Functions that can be fitted with chi-squared minimization are any RooAbsReal based function as well as RooAbsPdf based p.d.f.s. In case of non-extended p.d.f.s the probability density calculated by the p.d.f. is multiplied with the number of events in the histogram to adjust the scale of the function. In case of extended p.d.f.s, the adjustment is made with the expected number of events, rather than the observed number of events. Tutorial macro rf602_chi2fit.C has been updated to use this new interface.

Chi-squared fits to X-Y datasets now possible

In addition to the ability to perform chi-squared fits to histograms it is now also possible to perform chi-squared fits to unbinned datasets containing a series of X and Y values with associated errors on Y and optionally on X.

These 'X-Y' chi-squared fits are interfaced through newly added method RooAbsReal::chi2FitTo(const RooDataSet&,...). By default the event weight is interpreted as the 'Y' value, but an YVar() argument can designate any other dataset column as Y value. If X errors are defined, one can choose to integrate the fitted function over the range of the X errors, rather than taking the central value by adding an Integrate(kTRUE) argument to chi2FitTo()

Two new arguments, StoreError(const RooArgSet&) and StoreAsymError(const RooArgSet&) have been added to the RooDataSet constructor to simplify the process of storing the errors of X and Y variables along with their values in a dataset.

The newly added tutorial macro rf609_xychi2fit.C illustrates the use of all this new functionality.

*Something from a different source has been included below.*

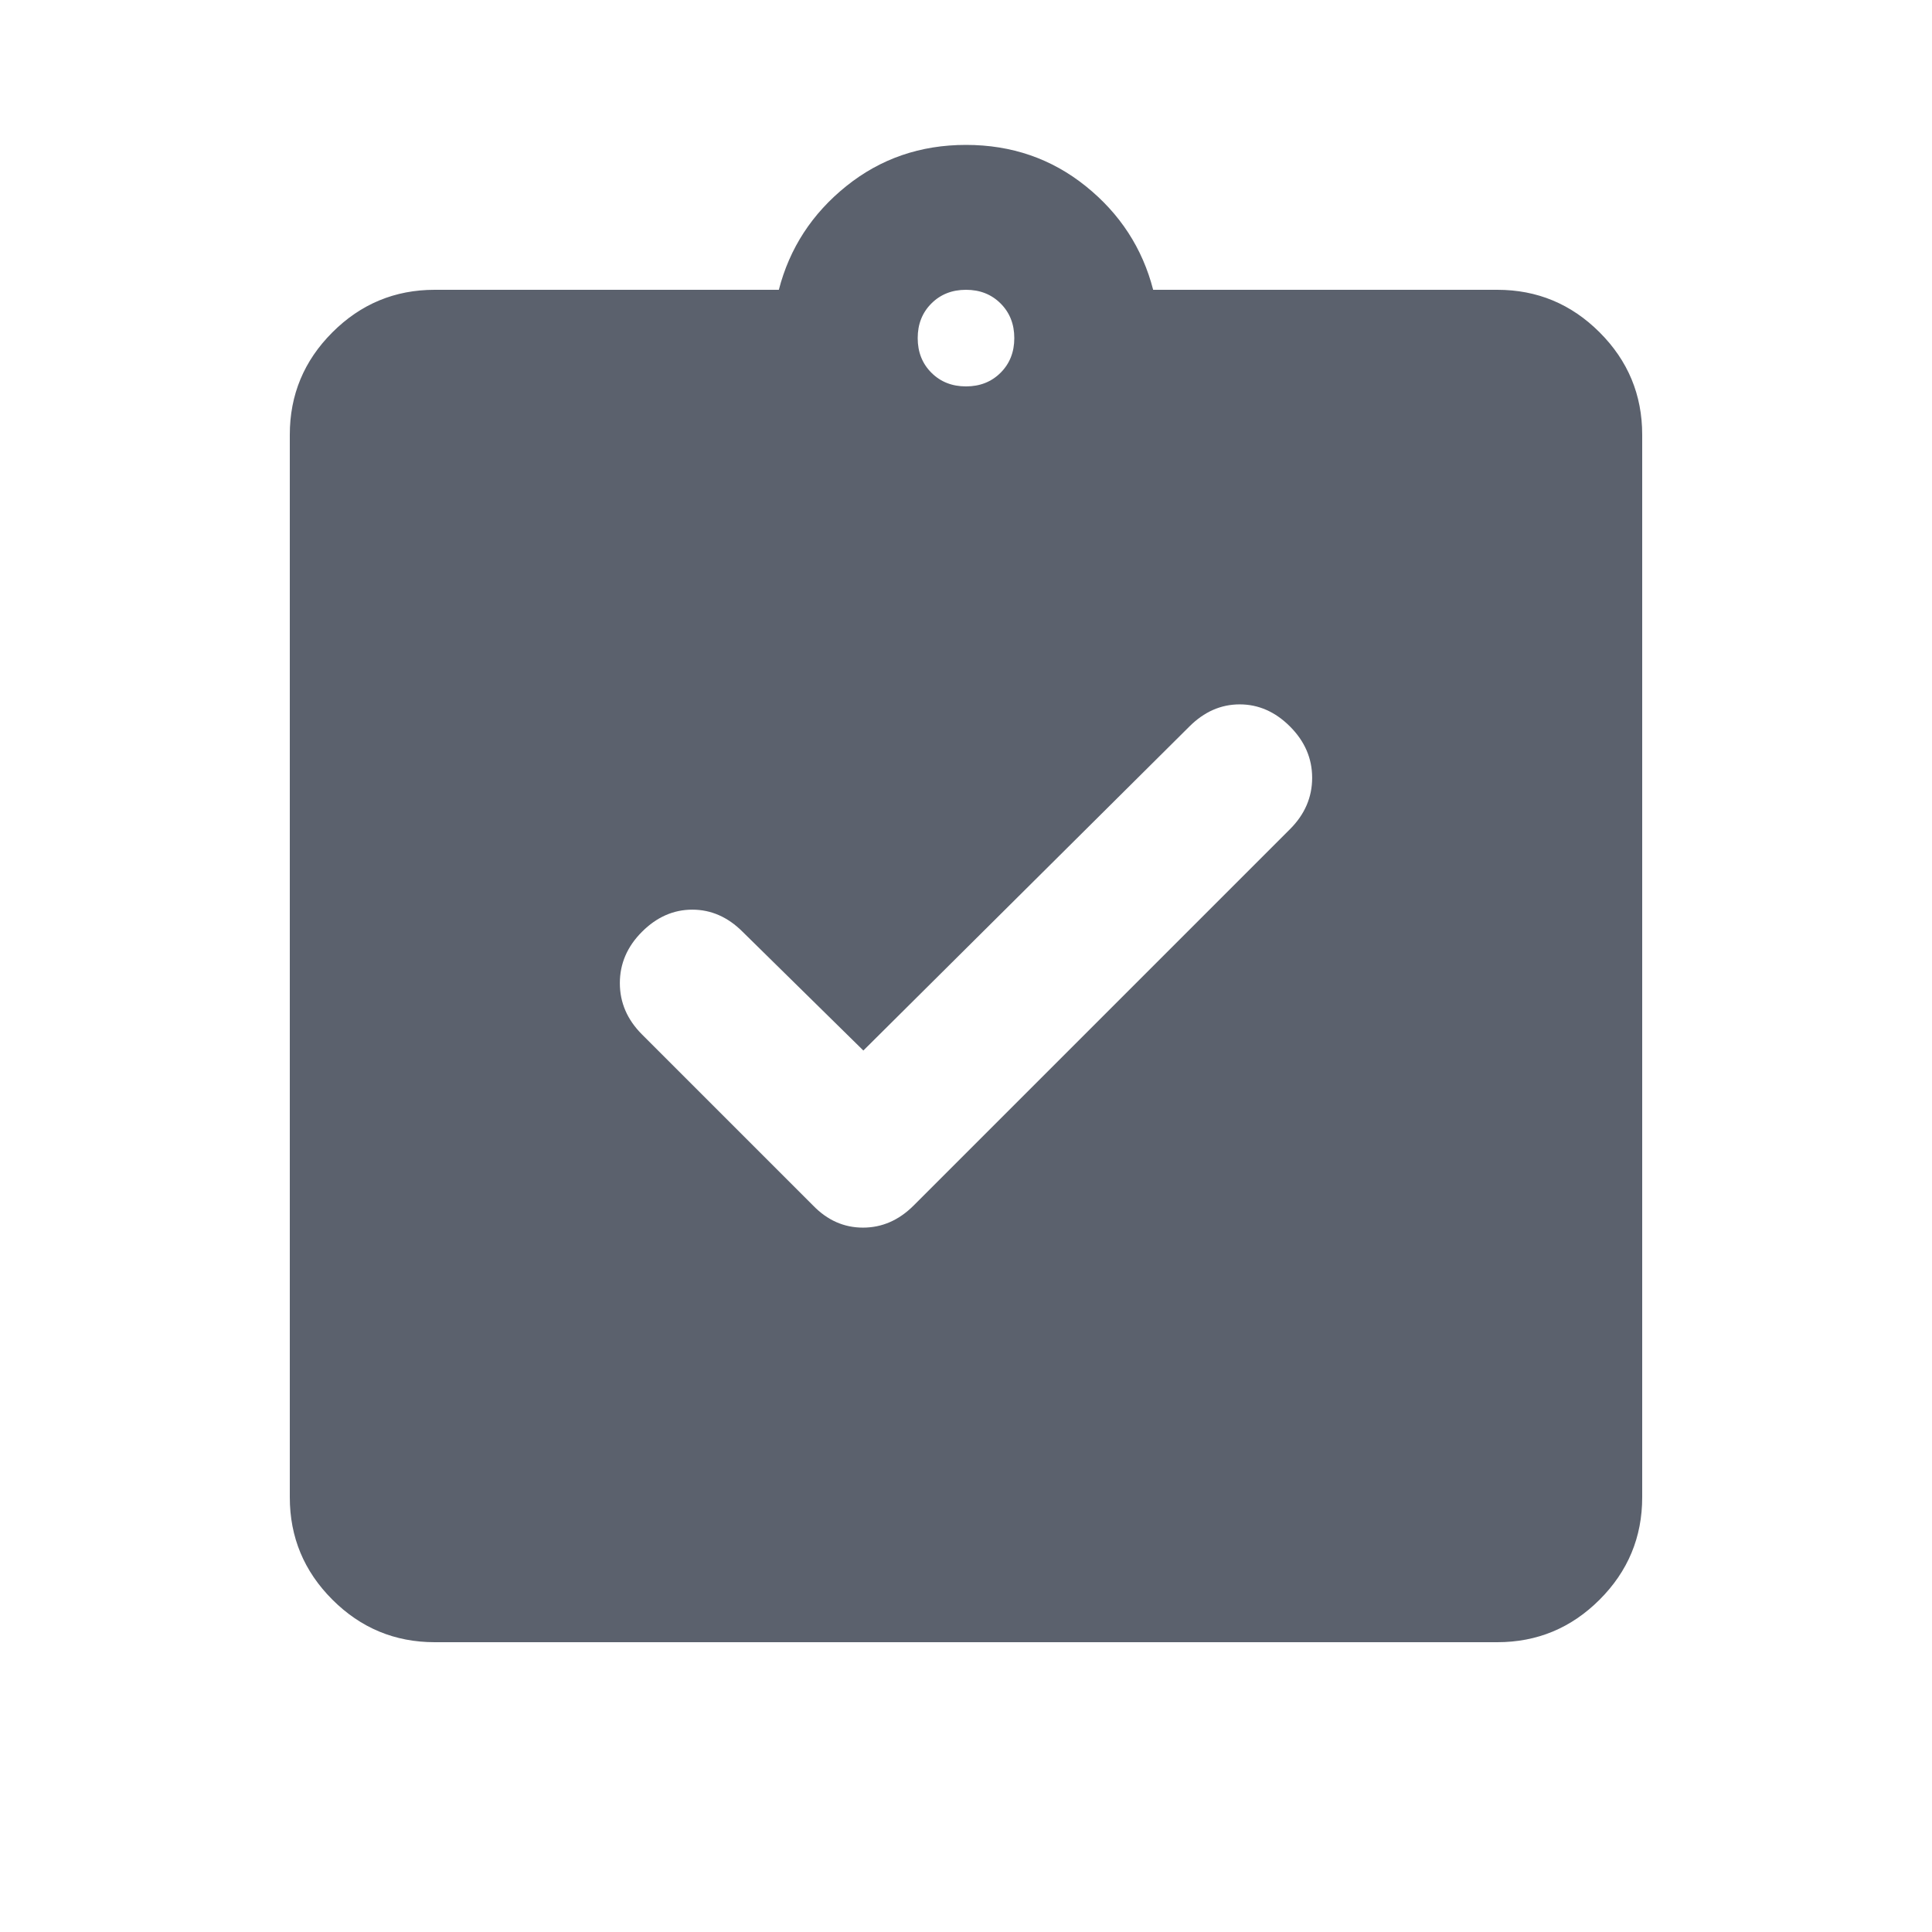 <svg xmlns="http://www.w3.org/2000/svg" height="20px" viewBox="0 -960 960 960" width="20px" fill="#5b616d"><path d="m429-438-60-59q-11-11-25-11t-25 11q-11 11-11 25.5t11 25.5l85 85q10.64 11 24.82 11T454-361l187-187q11-11 11-25.5T641-599q-11-11-25-11t-25 11L429-438ZM216-144q-29.7 0-50.85-21.15Q144-186.3 144-216v-528q0-29.7 21.15-50.85Q186.3-816 216-816h171q8-31 33.5-51.5T480-888q34 0 59.5 20.5T573-816h171q29.7 0 50.85 21.15Q816-773.7 816-744v528q0 29.7-21.15 50.85Q773.7-144 744-144H216Zm264-624q10.4 0 17.2-6.8 6.8-6.8 6.8-17.2 0-10.4-6.8-17.2-6.8-6.8-17.2-6.8-10.4 0-17.2 6.8-6.8 6.8-6.8 17.2 0 10.4 6.8 17.2 6.8 6.8 17.2 6.8Z"/></svg>

Uniform interface for creation of (profile likelihoods) and chi-squared from p.d.f.s

It is now recommended to use the method RooAbsPdf::createNLL(RooAbsData&,...) to create a likelihood from a p.d.f and a dataset rather than constructing a RooNLLVar object directly. This is because part of the likelihood construction functionality such a using multiple Range()s, or the inclusion for constraint terms are only available through createNLL().

To promote the consistency of this interface, a similar method RooAbsReal::createChi2() has been added to construct chi-squared functions of a dataset and a function or p.d.f.

Along the same lines, it is recommended to use RooAbsReal::createProfile() rather than constructing a RooProfileLL object directly as the former will efficiently recast a profile of a profile into a single profile object.

Multivariate Gaussian modeling of parameters estimates from a fit

You can now construct a multivariate Gaussian p.d.f on the parameters of a model that represents the result of a fit, from any RooFitResult object.

   RooAbsPdf* paramPdf = fitresult->createHessePdf(RooArgSet(a,b)) ;

The returned object is an instance of the newly added class RooMultiVarGaussian, that can model correlated Gaussian distributions in an arbitrary number of dimensions, given a vector of mean values and a covariance matrix. Class RooMultivarGaussian implements analytical integration as well as analytical partial integrals over the first 31 dimensions (if you have that many) and implements in effect internal generation strategy for its observables

A new tutorial macro rf608_fitresultaspdf.C has been added to illustrate the use MV Gaussians constructed from a RooFitResult

Improved functionality of RooFFTConvPdf

The FFT convolution operator p.d.f. class RooFFTConvPdf has been substantially upgraded for improved performance has several new options

Graphics Output of macro rf210_angularconv

Option for improved calculation of errors in weighted likelihood fits

A new option SumW2Error() has been added to RooAbsPdf::fitTo() that will perform an improved error calculation for weighted unbinned likelihood fits. In their unmodified form, an ML fit to a weighted dataset will correctly estimate the parameters, but the errors will scale with the sum of the weights, rather than the number of the events in the dataset (i.e. if you double all event weights, all parameter errors will go down with sqrt(2)). In chi-squared fits event weights can processed correctly by using both the sum of the weights and the sum of the weights-squared for each bin. The newly added option SumW2Error() implements a similar strategy for (unbinned) weighted ML fits by applying a correction to the covariance matrix as follows
   V' = V C-1 V
where V is the covariance matrix from the fit to weighted data, and C-1 is the inverse of the covariance matrix calculated from a similar likelihood that constructed with the event weights applied squared

Redesign of RooFit dataset class structure

The original class structure of RooFit featured an abstract dataset class RooAbsData. Inheriting from that was a single class RooTreeData, which implemented datasets with a ROOT TTree-based storage implementation, and inheriting from that two classes RooDataSet , representing unbinned data, and RooDataHist, representing binned data. A main problem with this structure was that the implementation of the storage technology (TTree) and the data representation (binned vs unbinned) were intertwined.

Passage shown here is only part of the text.